How to complete this task ▸ Within the listing below, show every line that contains the word "Living".

Exercise data ▸
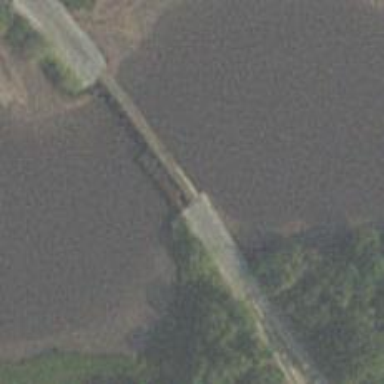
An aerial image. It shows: Trestle bridge over railway tracks.
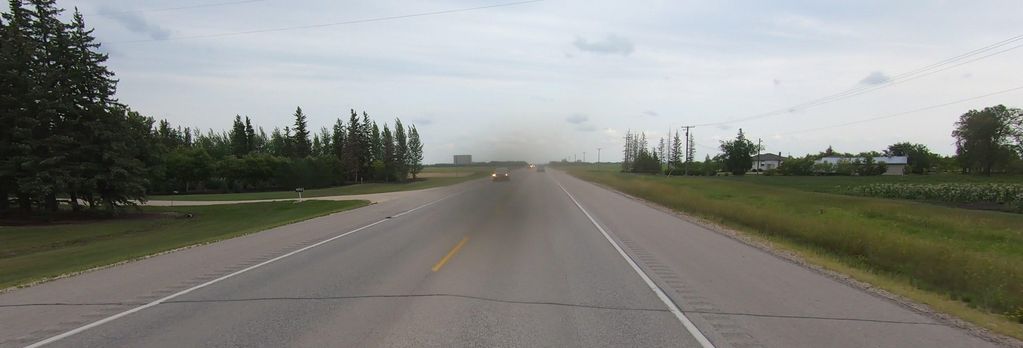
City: winnipeg
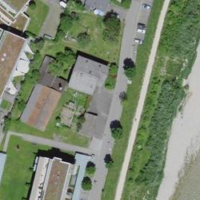
EUNIS habitat code: 54
Species observed at this site:
Linaria vulgaris
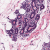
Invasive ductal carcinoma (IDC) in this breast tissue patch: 0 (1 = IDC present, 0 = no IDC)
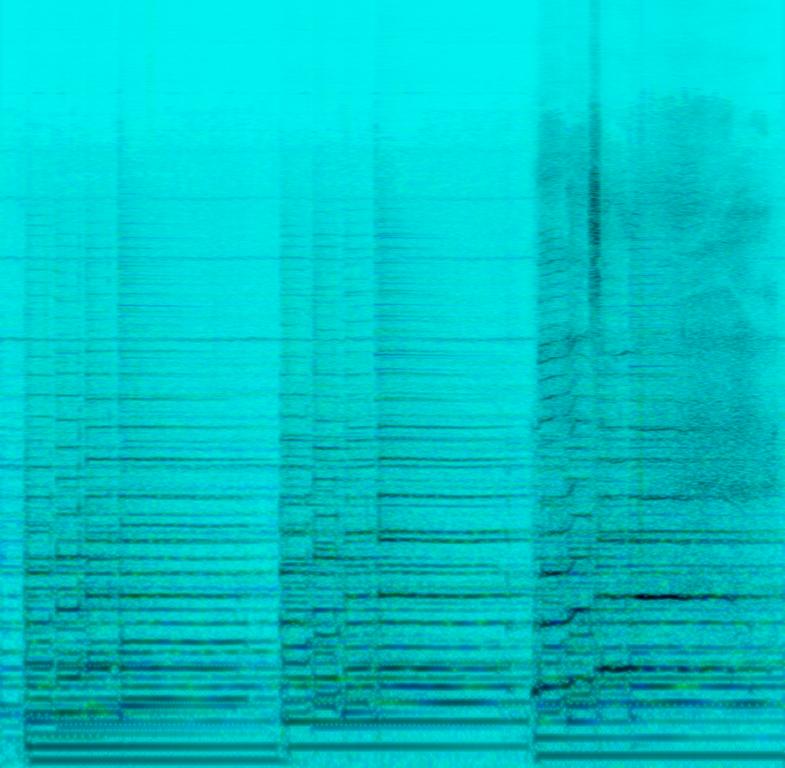
The low quality recording features a passionate male vocal singing over sustained strings chords, wide electric guitar arpeggiated melody and smooth bass. It sounds easygoing, passionate and chill.
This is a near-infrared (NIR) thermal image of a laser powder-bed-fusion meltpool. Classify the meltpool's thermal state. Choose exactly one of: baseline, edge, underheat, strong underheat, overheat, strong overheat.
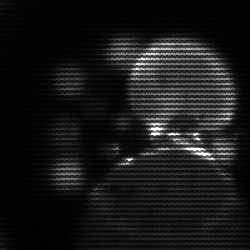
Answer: edge
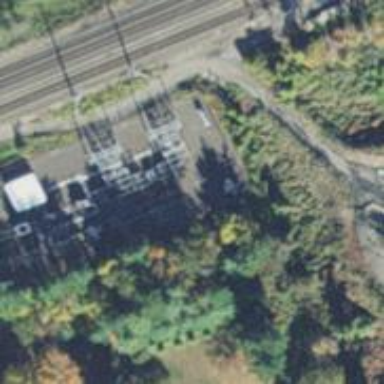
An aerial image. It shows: Switch used for power control.
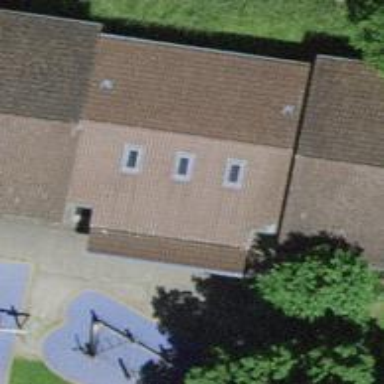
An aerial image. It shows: Kindergarten building.
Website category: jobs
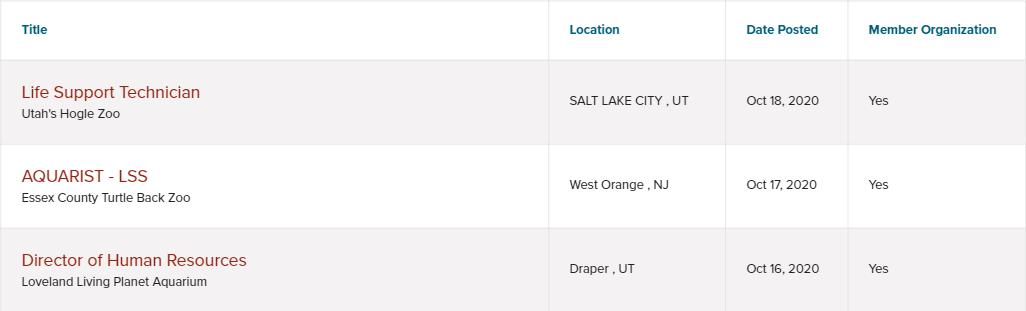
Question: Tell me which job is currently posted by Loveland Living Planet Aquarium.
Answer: Director of Human Resources

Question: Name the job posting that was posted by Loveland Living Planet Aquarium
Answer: Director of Human Resources

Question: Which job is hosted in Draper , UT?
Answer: Director of Human Resources

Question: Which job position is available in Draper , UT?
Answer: Director of Human Resources

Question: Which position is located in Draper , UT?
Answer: Director of Human Resources

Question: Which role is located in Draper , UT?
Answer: Director of Human Resources

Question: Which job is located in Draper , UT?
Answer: Director of Human Resources

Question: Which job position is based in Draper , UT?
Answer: Director of Human Resources

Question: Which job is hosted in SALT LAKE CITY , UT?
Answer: Life Support Technician

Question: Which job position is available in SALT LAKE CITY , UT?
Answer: Life Support Technician

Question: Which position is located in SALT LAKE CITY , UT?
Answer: Life Support Technician

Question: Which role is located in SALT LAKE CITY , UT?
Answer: Life Support Technician

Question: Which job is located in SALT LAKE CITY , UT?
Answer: Life Support Technician

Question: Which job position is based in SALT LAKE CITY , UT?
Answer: Life Support Technician

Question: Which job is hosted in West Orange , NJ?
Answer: AQUARIST - LSS

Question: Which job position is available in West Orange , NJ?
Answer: AQUARIST - LSS

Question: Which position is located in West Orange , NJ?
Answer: AQUARIST - LSS

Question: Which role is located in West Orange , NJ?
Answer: AQUARIST - LSS

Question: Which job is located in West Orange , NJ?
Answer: AQUARIST - LSS

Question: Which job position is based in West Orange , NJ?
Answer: AQUARIST - LSS
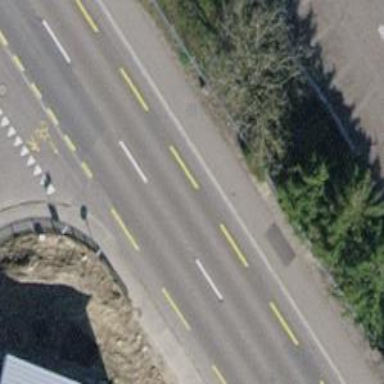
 featuring separate cycle lane and sidewalk."
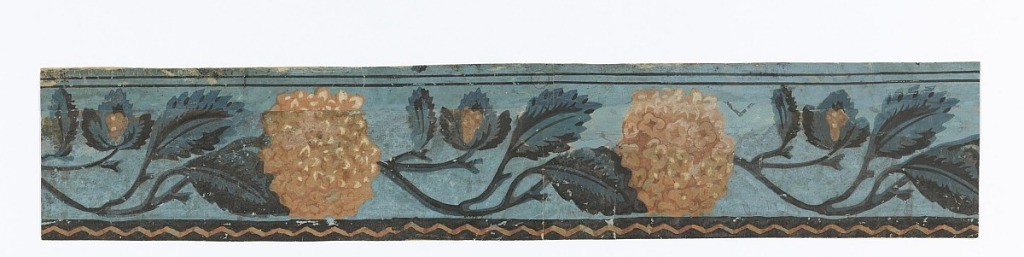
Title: Border
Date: ca. 1800
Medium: Block printed on handmade paper
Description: Horizontal rectangle. Border paper with two and one-half repeats of foliageserpentine with recurring hydrangea blossom. Two black lines along one edge and black band with pink chevron along other edge.
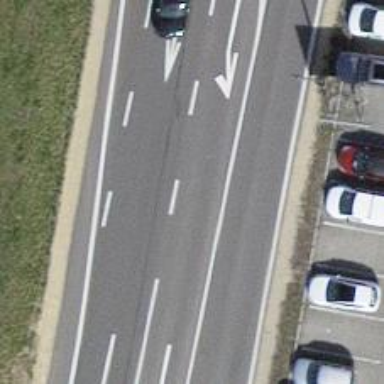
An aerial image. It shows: Secondary road with asphalt surface and dedicated cycle lane.
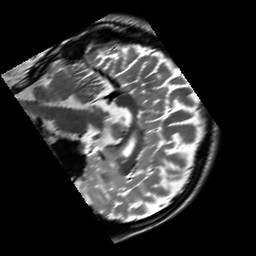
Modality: T2w
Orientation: sagittal
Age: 21
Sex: male
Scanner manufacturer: siemens
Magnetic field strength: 3 T
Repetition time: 7 s
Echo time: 0.09 s
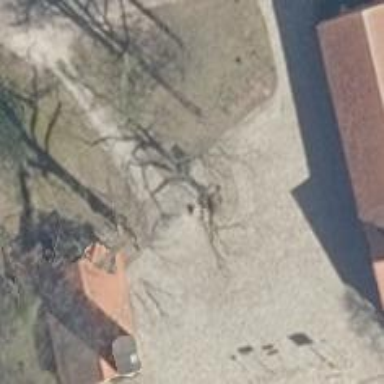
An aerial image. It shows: Tree serving as landmark.
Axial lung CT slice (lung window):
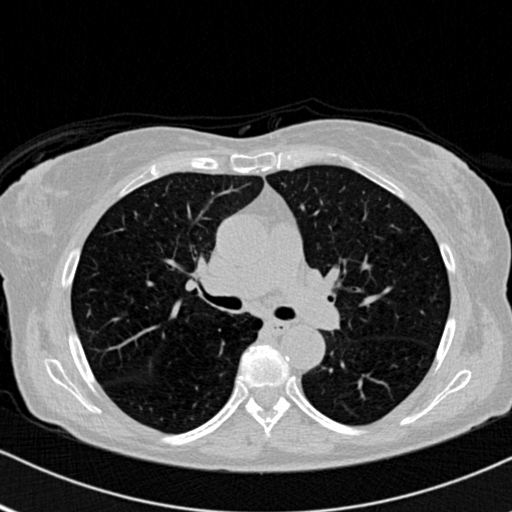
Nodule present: no
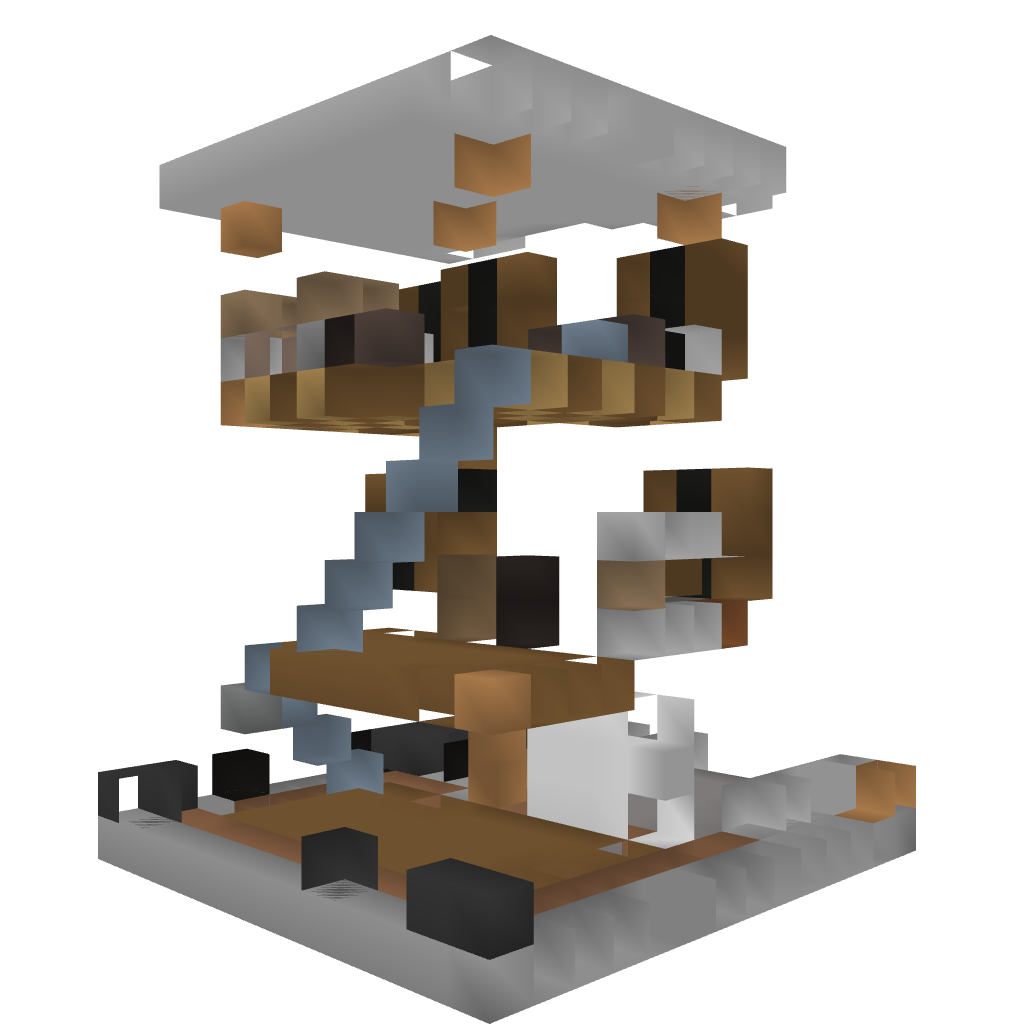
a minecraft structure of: Modern Town House
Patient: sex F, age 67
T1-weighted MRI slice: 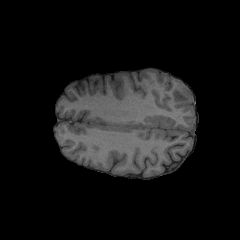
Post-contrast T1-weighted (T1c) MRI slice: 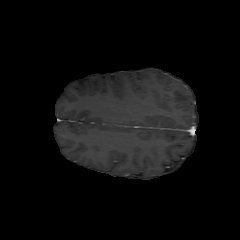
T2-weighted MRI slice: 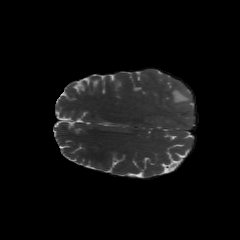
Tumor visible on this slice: yes
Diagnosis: Glioblastoma, IDH-wildtype
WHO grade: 4
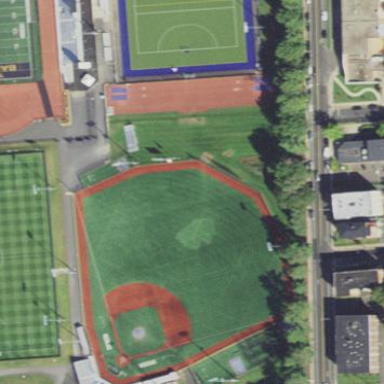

Solution for this task ▸
Question: Tell me which job is currently posted by Loveland Living Planet Aquarium.
Question: Name the job posting that was posted by Loveland Living Planet Aquarium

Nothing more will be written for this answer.